The task. Exactly the lines from the one holding "The task given" to the end of the listing, both ends included, make up the expected answer.

Records for this task.
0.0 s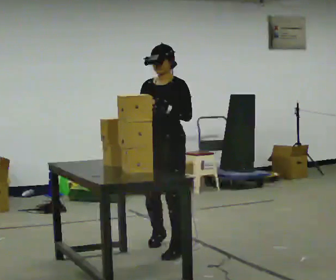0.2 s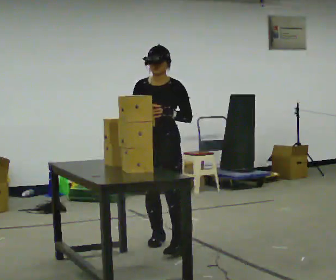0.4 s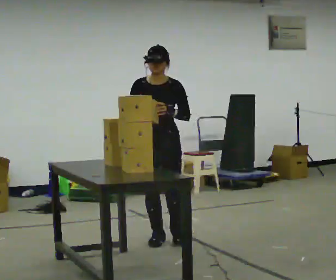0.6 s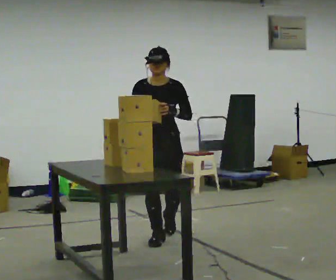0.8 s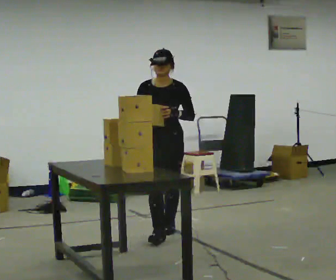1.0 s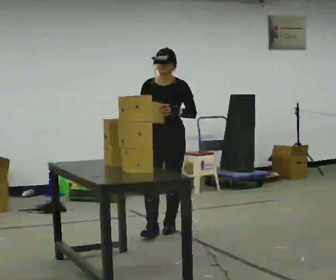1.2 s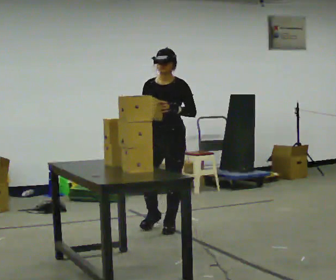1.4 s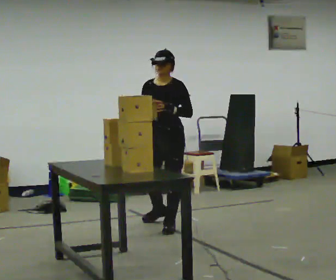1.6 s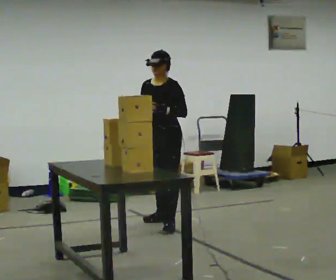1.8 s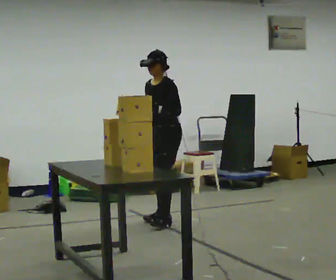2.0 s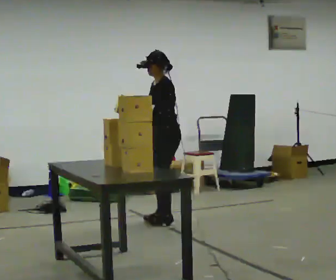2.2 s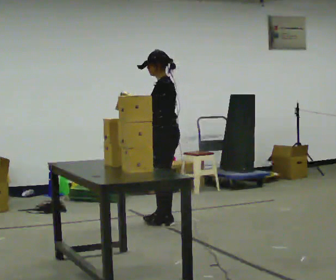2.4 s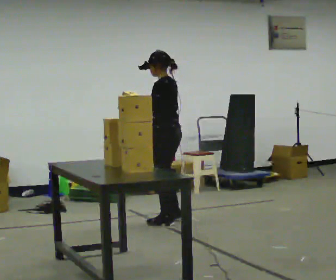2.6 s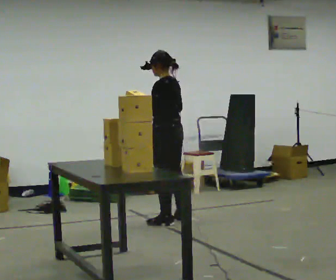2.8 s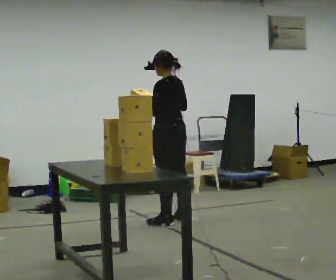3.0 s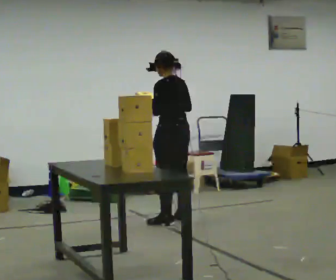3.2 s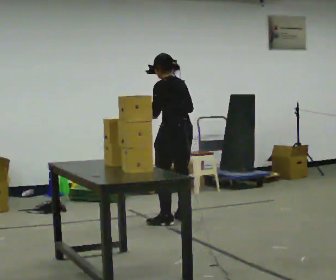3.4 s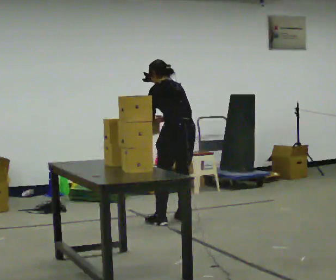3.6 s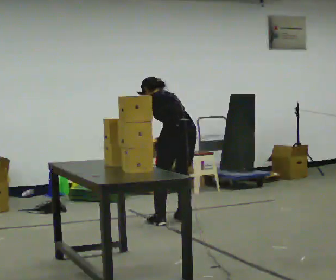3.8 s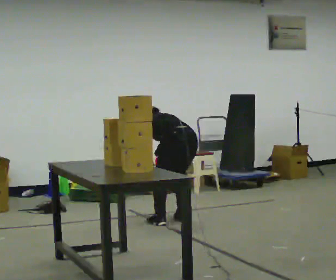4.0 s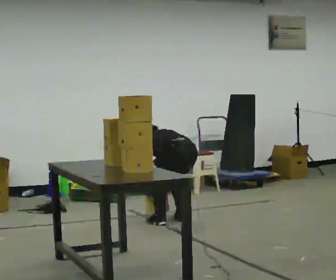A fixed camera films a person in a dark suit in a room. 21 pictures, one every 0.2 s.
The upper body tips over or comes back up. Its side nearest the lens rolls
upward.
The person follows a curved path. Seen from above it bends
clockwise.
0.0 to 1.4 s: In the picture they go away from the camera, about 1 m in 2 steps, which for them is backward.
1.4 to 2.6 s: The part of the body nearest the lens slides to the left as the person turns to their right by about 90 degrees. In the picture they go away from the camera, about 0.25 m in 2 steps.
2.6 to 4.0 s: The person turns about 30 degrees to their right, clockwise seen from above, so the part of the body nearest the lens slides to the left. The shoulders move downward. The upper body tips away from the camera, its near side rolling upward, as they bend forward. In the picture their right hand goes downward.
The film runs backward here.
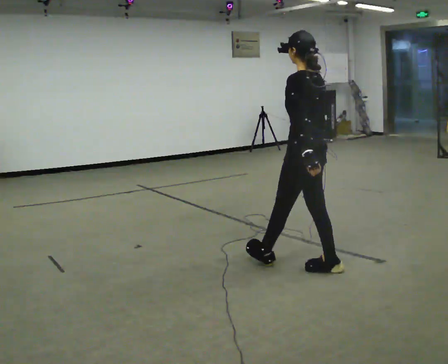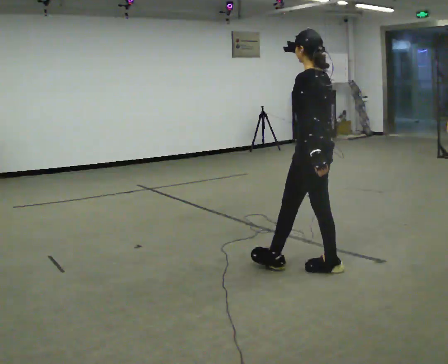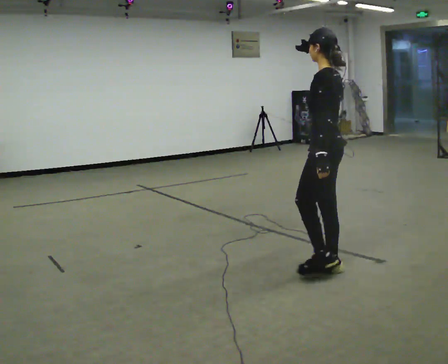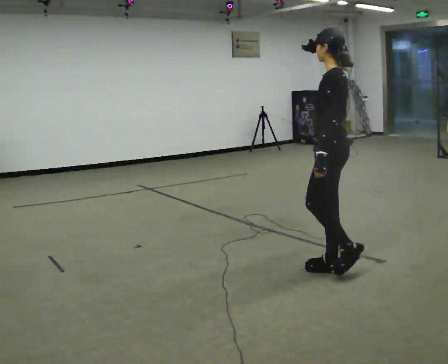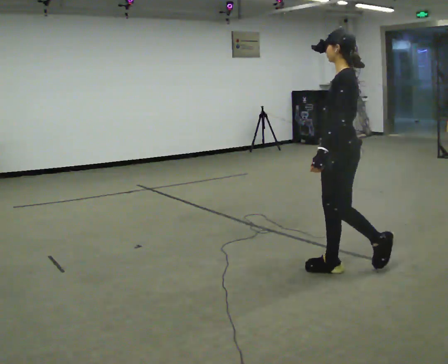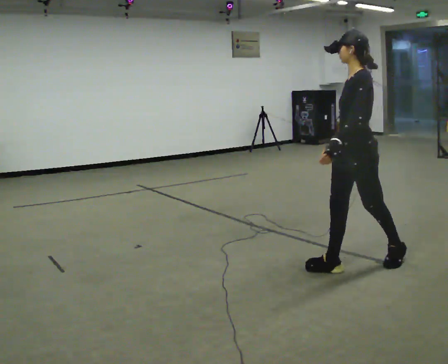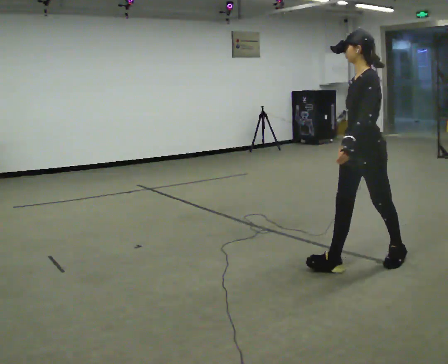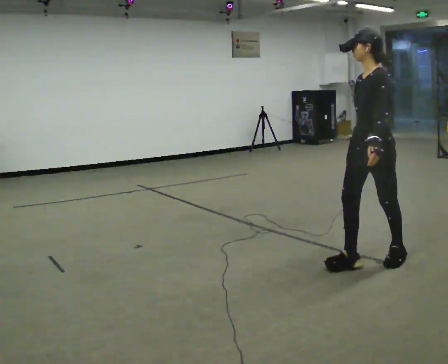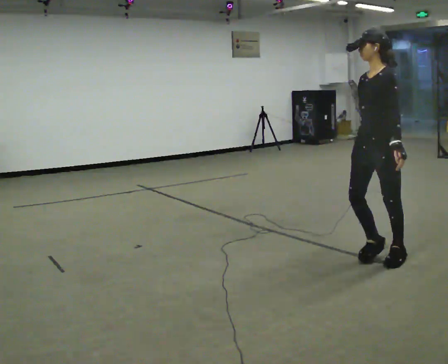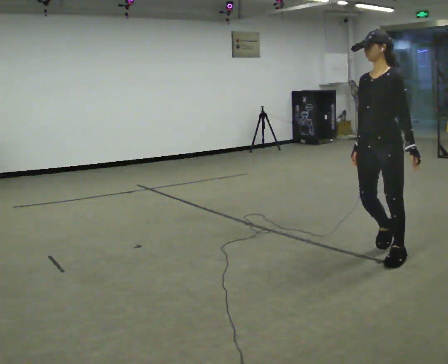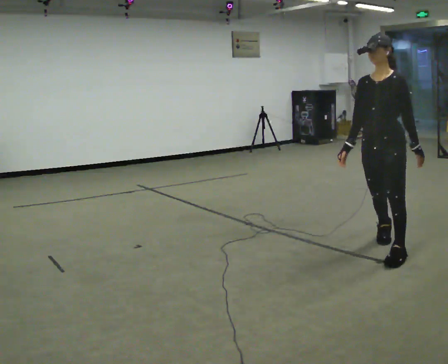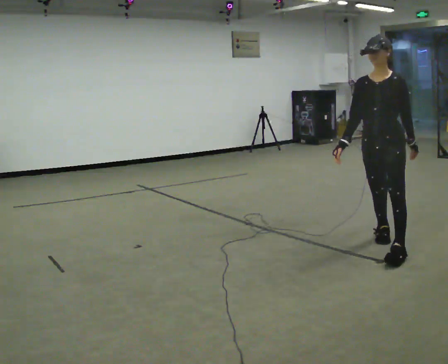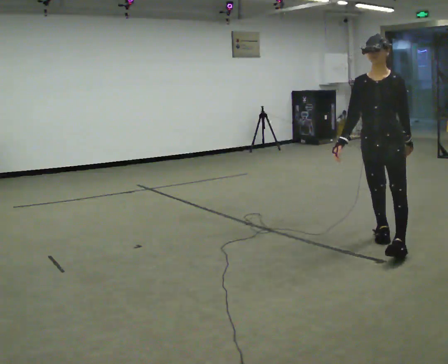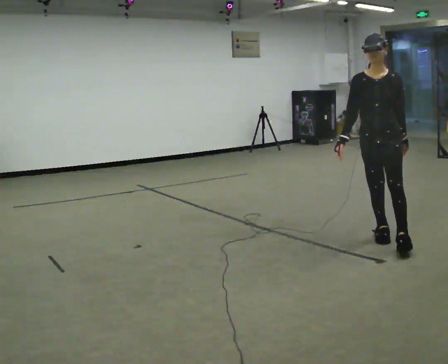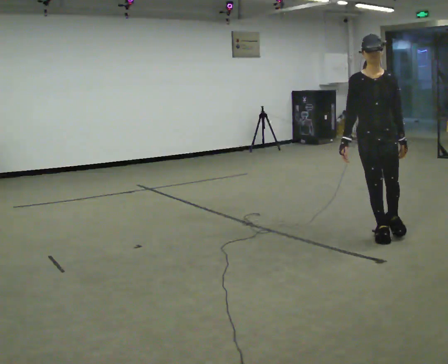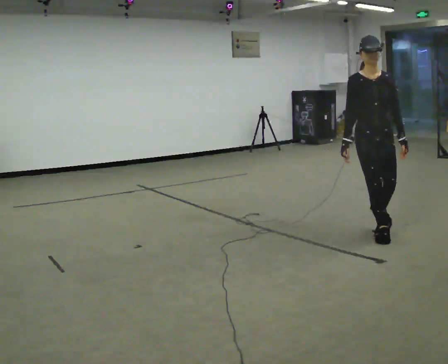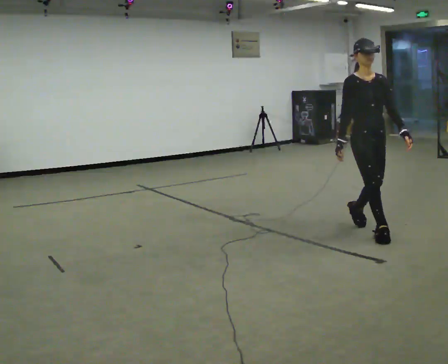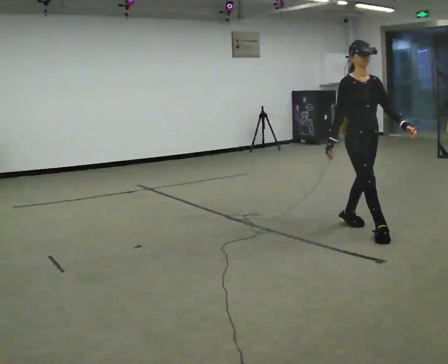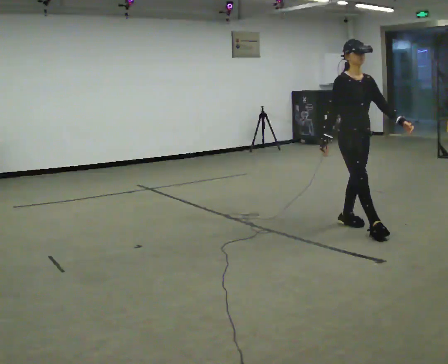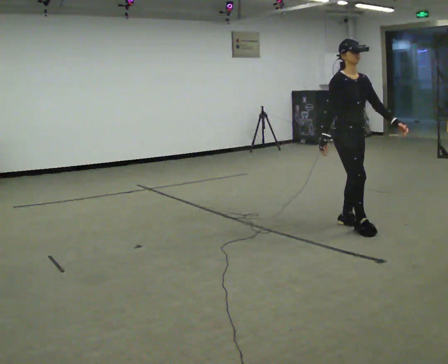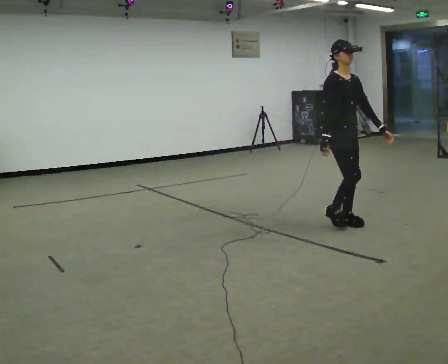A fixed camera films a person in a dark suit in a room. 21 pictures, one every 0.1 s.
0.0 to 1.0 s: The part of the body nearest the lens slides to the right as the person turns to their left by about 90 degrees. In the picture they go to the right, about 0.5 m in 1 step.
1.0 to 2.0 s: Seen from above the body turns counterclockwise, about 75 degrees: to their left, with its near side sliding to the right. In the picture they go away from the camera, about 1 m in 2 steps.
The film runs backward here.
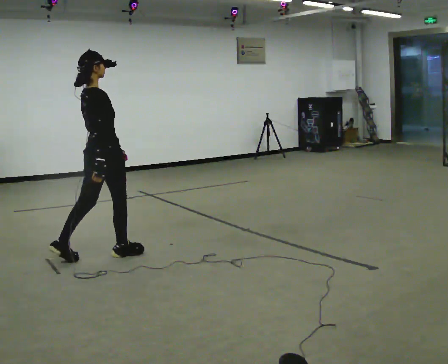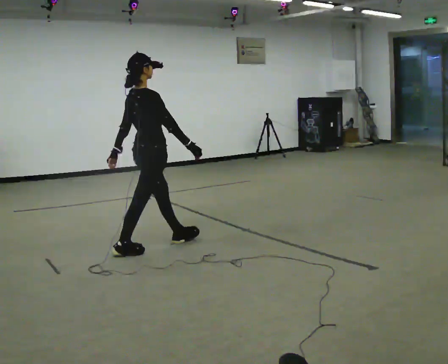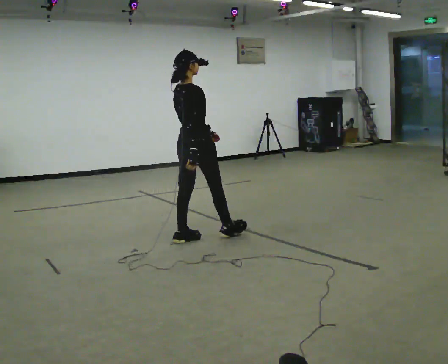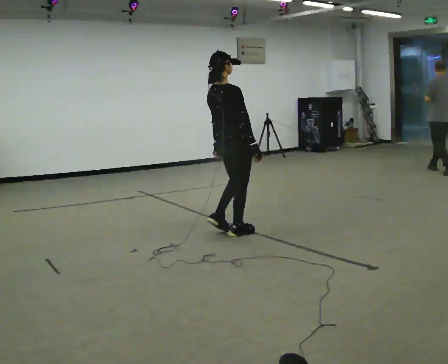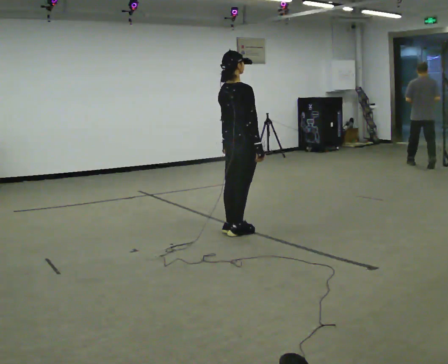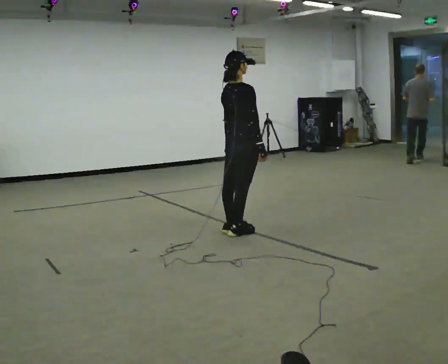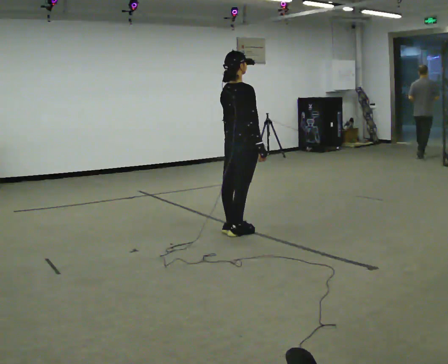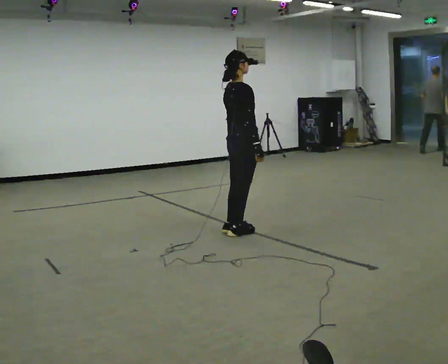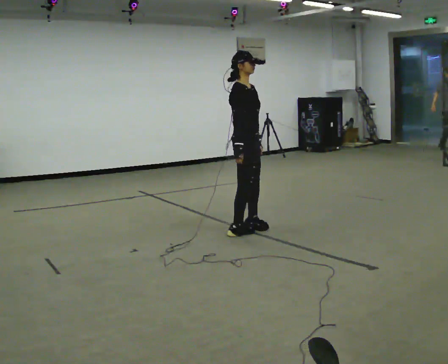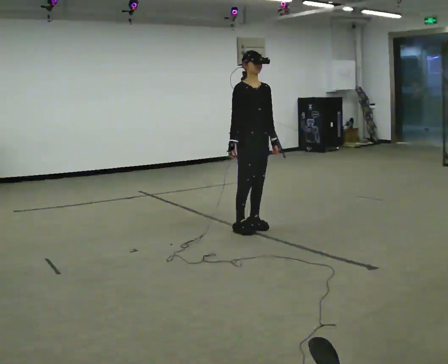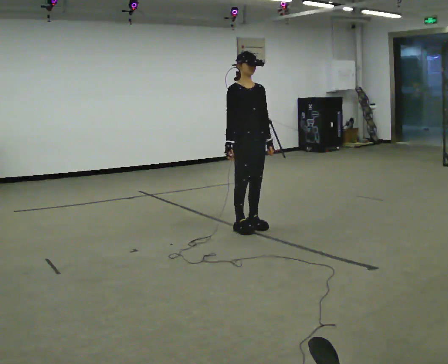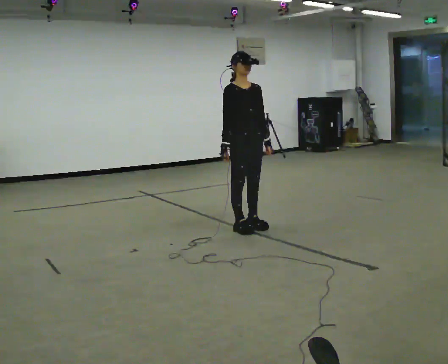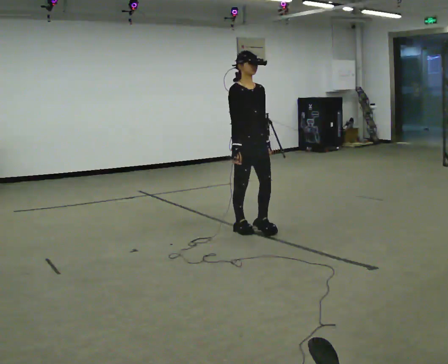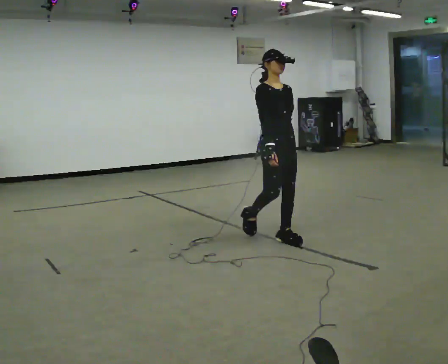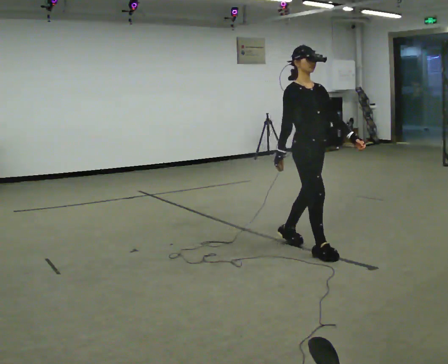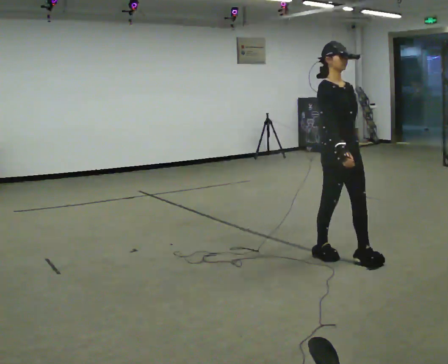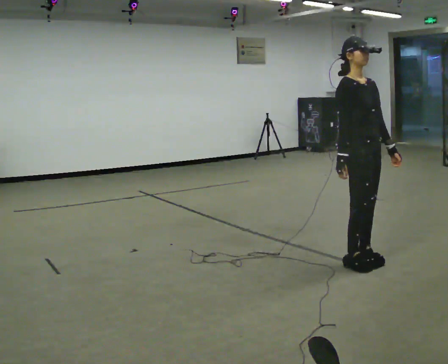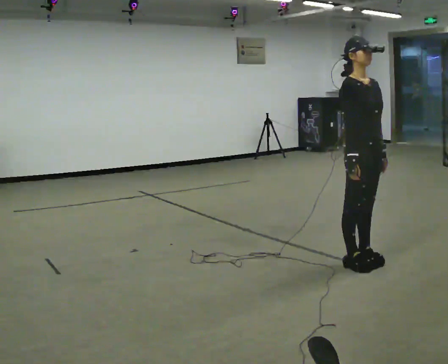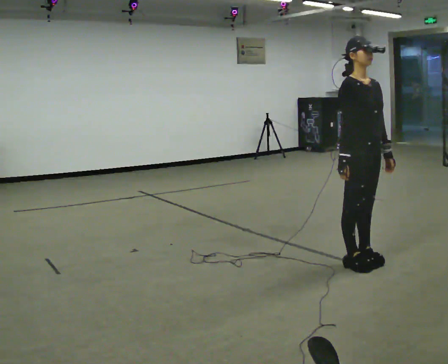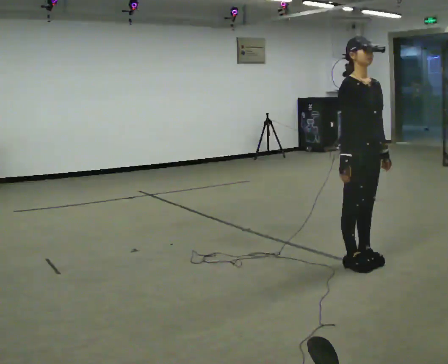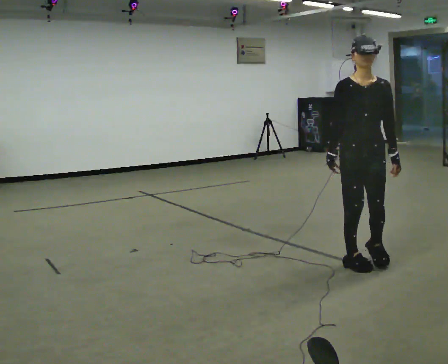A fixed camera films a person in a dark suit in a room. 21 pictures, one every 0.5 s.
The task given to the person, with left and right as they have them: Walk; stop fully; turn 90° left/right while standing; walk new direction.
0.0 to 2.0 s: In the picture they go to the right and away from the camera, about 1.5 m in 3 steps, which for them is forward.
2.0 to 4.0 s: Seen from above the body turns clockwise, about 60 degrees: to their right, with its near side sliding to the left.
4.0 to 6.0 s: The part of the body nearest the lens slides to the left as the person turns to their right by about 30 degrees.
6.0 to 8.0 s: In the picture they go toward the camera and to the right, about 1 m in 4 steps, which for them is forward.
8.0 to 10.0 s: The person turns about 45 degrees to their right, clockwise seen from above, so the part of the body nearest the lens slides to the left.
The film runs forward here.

Solved exercise.
The task given to the person, with left and right as they have them: Walk; stop fully; turn 90° left/right while standing; walk new direction.
0.0 to 2.0 s: In the picture they go to the right and away from the camera, about 1.5 m in 3 steps, which for them is forward.
2.0 to 4.0 s: Seen from above the body turns clockwise, about 60 degrees: to their right, with its near side sliding to the left.
4.0 to 6.0 s: The part of the body nearest the lens slides to the left as the person turns to their right by about 30 degrees.
6.0 to 8.0 s: In the picture they go toward the camera and to the right, about 1 m in 4 steps, which for them is forward.
8.0 to 10.0 s: The person turns about 45 degrees to their right, clockwise seen from above, so the part of the body nearest the lens slides to the left.
The film runs forward here.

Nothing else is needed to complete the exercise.